Trabalhei na área de atendimento de uma empresa em que um colega meu, branco, atendia com frequência o mesmo cliente estrangeiro, sempre pela manhã. Eu sabia disso porque este colega era uma pessoa que falava alto, ficando difícil simplesmente ignorar suas conversas. Num certo dia ele não chegou no horário de costume para o expediente e a ligação sobrou pra mim.

Mais tarde, quando ele chegou, viu o papelzinho com o recado que continha os detalhes das informações que o cliente estava aguardando em cima da mesa. Ele levantou os olhos e perguntou quem havia escrito o recado e deixado na mesa dele. Quando eu disse que fui eu, com tom de surpresa, ele questionou mais uma vez:

– Foi você?

Eu afirmei novamente que havia sido eu. Neste momento o vi olhando com certa dúvida para o nada e, quando poderia apenas ficar quieto, me questionou mais uma vez:

– Mas você atendeu como?

De todas as pessoas que eventualmente realizavam o mesmo tipo de atendimento, por qual razão ele somente questionou a capacidade da única mulher negra da equipe?

Uma das autoras nigerianas mais famosas da atualidade, chamada Chimamanda Ngozi Adichie, escreveu, naquele que passou a ser um de seus textos mais populares, O perigo de uma história única:

“Eu venho de uma família nigeriana convencional, de classe média. Meu pai era professor. Minha mãe, administradora. Nós tínhamos, como era normal, empregada doméstica, que frequentemente vinha das aldeias rurais próximas. Quando eu fiz oito anos, arranjamos um novo menino para a casa. Seu nome era Fide. A única coisa que minha mãe nos disse sobre ele foi que sua família era muito pobre. Minha mãe enviava inhames, arroz e nossas roupas usadas para sua família. E quando eu não comia tudo no jantar, minha mãe dizia: ‘Termine sua comida! Você não sabe que pessoas como a família de Fide não tem nada?’. Então eu sentia uma enorme pena da família de Fide. Então, num sábado, nós fomos visitar a sua aldeia e sua mãe nos mostrou um cesto com um padrão lindo, feito de ráfia seca por seu irmão. Eu fiquei atônita! Nunca havia pensado que alguém em sua família pudesse realmente criar alguma coisa. Tudo que eu tinha ouvido sobre eles era como eram pobres.

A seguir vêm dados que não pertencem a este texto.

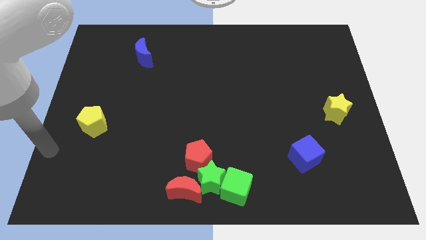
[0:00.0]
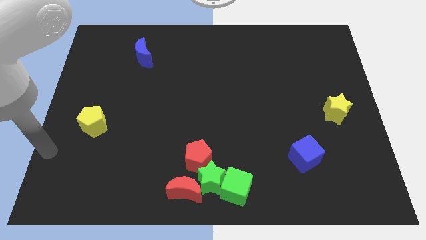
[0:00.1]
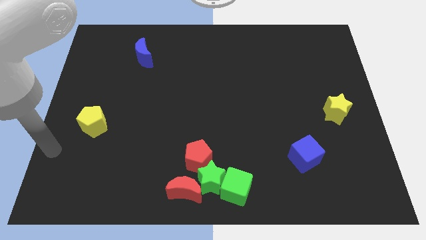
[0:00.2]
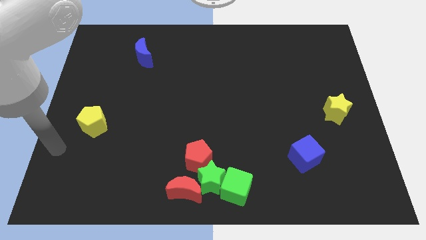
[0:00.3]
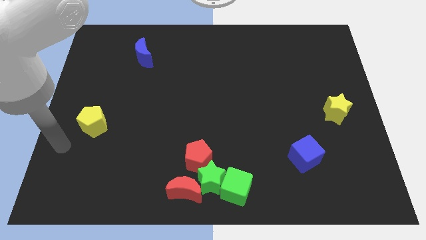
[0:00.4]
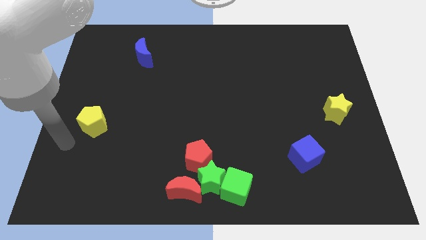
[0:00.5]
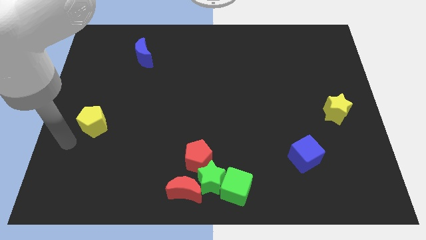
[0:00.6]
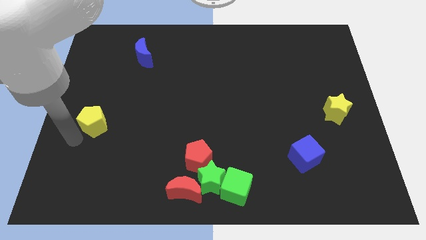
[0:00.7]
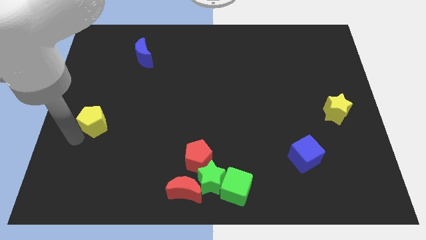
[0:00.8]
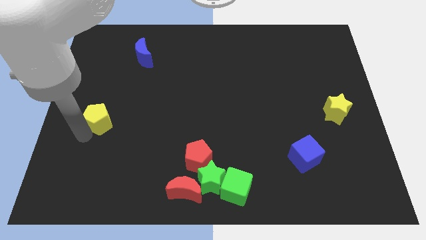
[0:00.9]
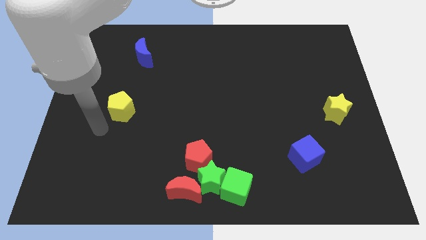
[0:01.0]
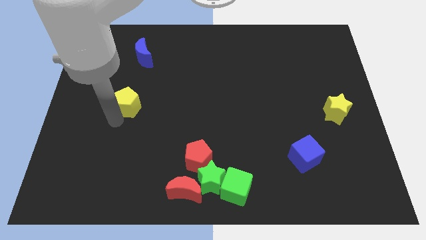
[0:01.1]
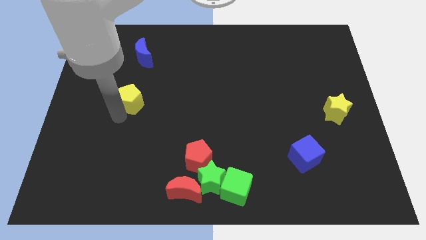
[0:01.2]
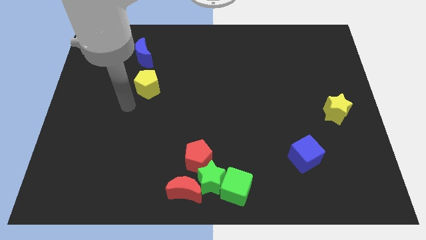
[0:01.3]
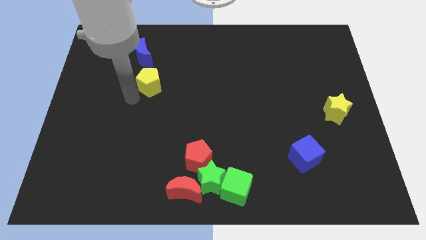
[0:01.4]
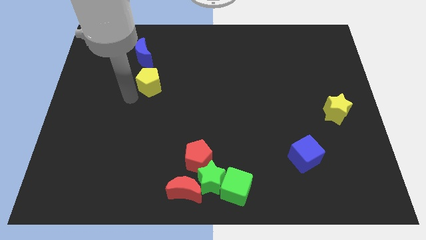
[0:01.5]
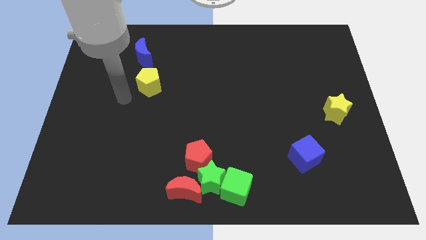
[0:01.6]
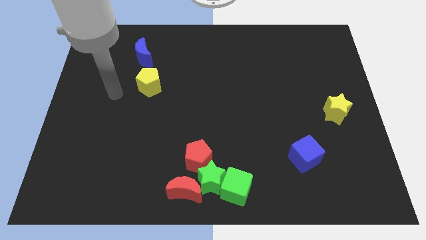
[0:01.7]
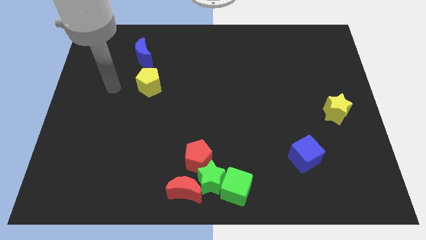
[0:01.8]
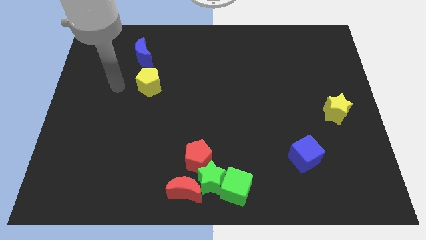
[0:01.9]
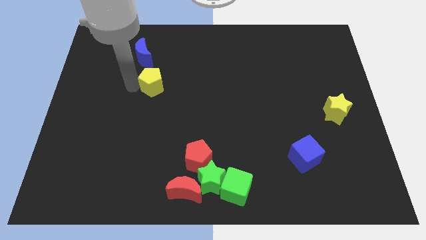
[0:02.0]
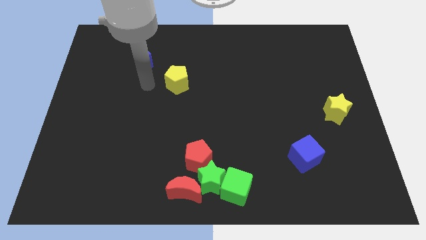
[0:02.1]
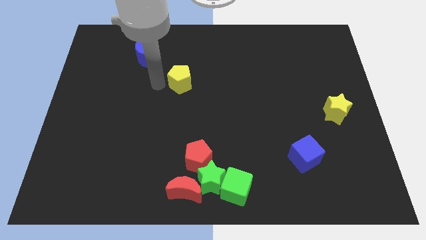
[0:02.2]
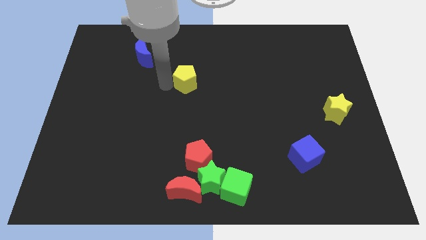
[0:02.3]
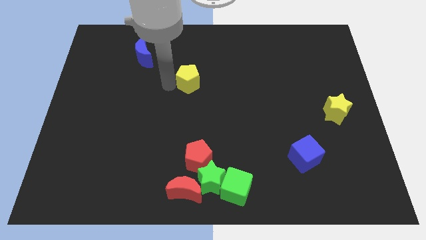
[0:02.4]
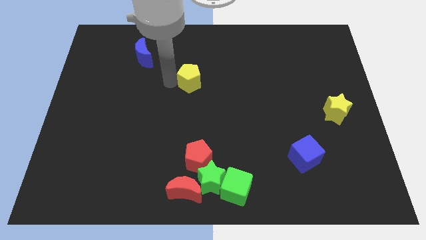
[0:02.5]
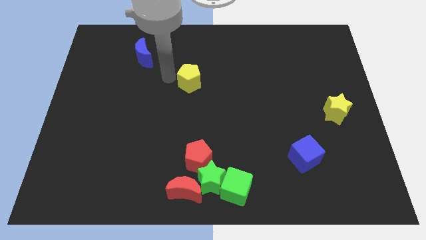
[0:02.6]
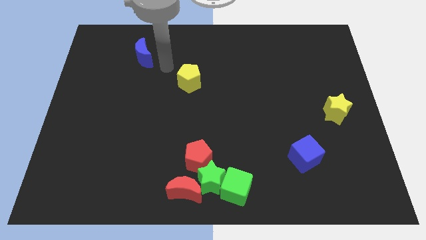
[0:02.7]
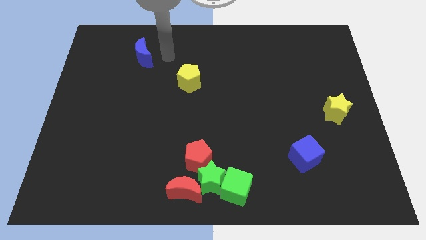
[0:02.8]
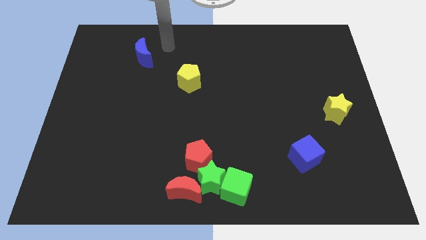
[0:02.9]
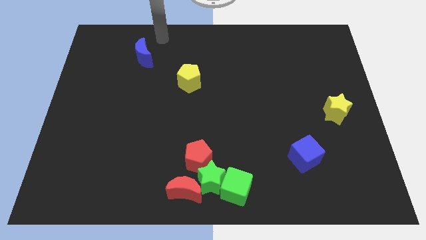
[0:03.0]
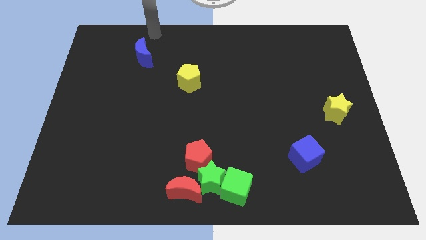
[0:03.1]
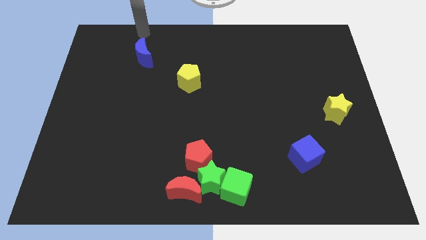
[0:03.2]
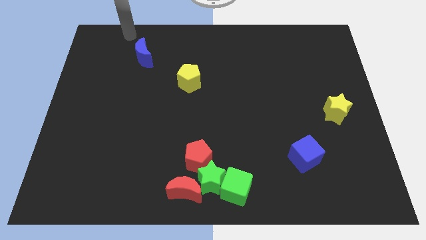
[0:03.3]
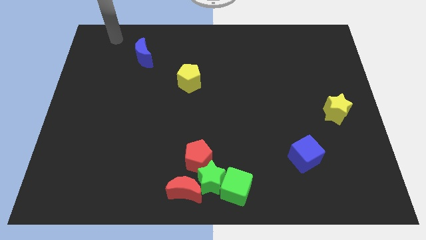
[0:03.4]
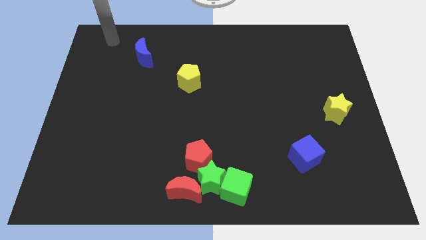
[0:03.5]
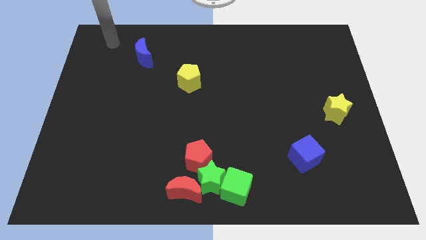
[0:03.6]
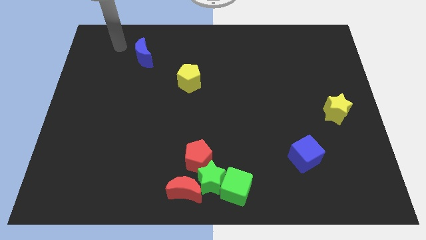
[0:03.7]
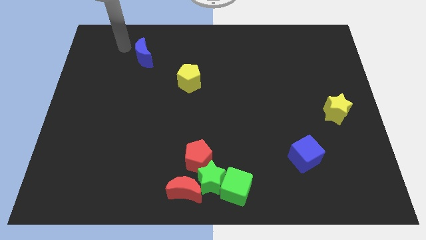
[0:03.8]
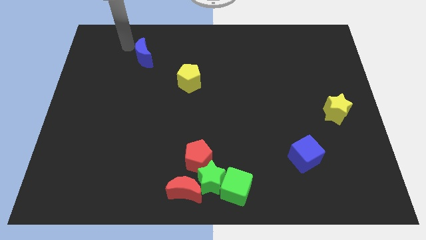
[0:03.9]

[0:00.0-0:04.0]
push yellow pentagon vertically above red pentagon

Assim, havia se tornado impossível, pra mim, vê-los como alguma coisa além de ‘pobres’. Sua pobreza era minha única história sobre eles.”

A semelhança entre a história pessoal que contei e o que Chimamanda relata está nas surpresas: nas diversas situações cotidianas em que o racismo acontece constantemente e as pessoas, repetidas vezes, se surpreendem quando alguém negro se mostra contrário a uma ideia preconcebida, uma estatística ou um senso comum. Somente quem sofre com essas reações compreende o poder destes pequenos e certeiros golpes em nossa autoestima.

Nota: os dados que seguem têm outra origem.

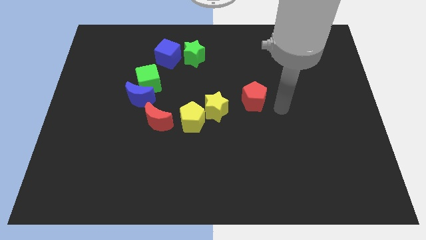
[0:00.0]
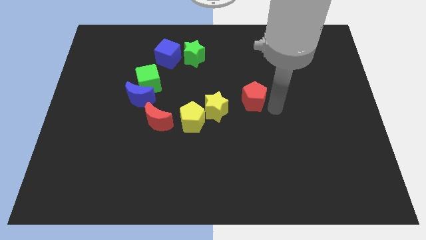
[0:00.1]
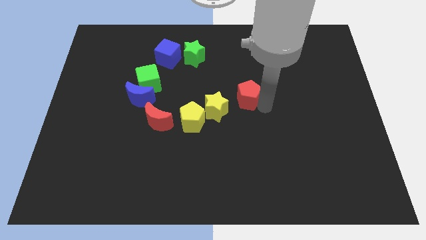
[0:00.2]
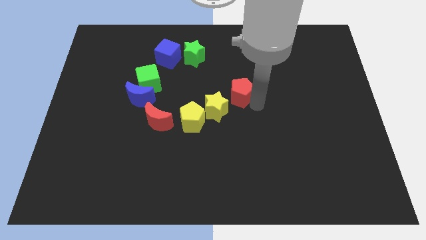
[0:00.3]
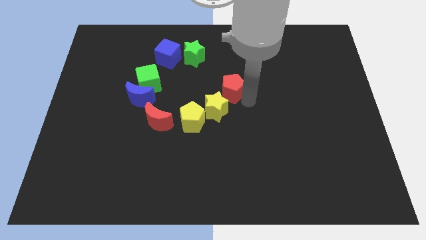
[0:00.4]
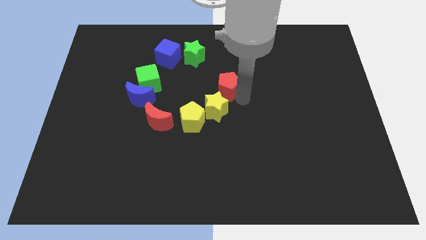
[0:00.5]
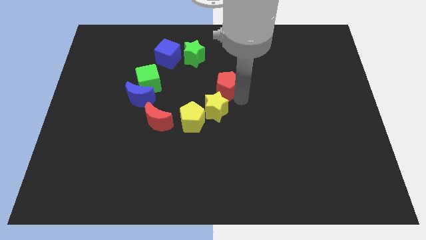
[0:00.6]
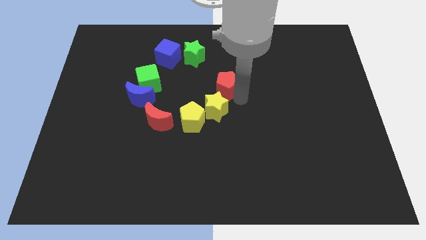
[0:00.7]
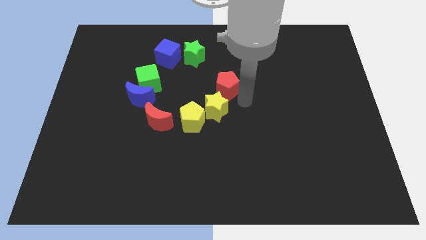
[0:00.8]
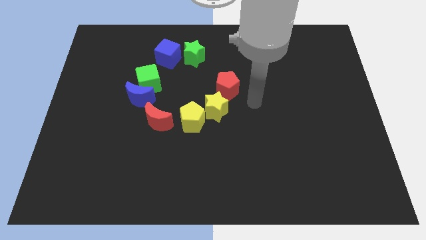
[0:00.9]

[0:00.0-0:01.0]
place the red pentagon above the yellow star

Já que os eventos atuais mostram muitas pessoas nas últimas semanas que parecem ter descoberto a existência do racismo no país e, com isso, estão afoitas para contribuir de alguma forma para o antirracismo, pode ser interessante aproveitar este ensejo por mudanças para refletir a respeito das formas como a ausência de conhecimento é nociva e porque ao abraçar causas devemos estar cientes do impacto de nossas ações e de quais são os lugares a serem ocupados dentro disso.

Para isso, gostaria de fazer uma reflexão a respeito da importância de compreender suas motivações ao decidir pelo voluntariado.

Um personagem comum

Corriqueiramente acompanhamos em nossas redes sociais alguém que, em um dado momento, alcançou sua “elevação espiritual” visitando algum país africano para a realização de trabalho voluntário com crianças carentes, o que, obviamente, o fez “enriquecer enquanto ser humano”.

Evidentemente, tudo isso pode acontecer a qualquer pessoa que se disponibilize para o voluntariado e, ainda, deve-se acreditar no altruísmo que envolve sair do conforto de sua casa para atravessar o oceano e ajudar os mais necessitados, os quais possuem uma cultura completamente diferente e vivem em condições precárias. Certo?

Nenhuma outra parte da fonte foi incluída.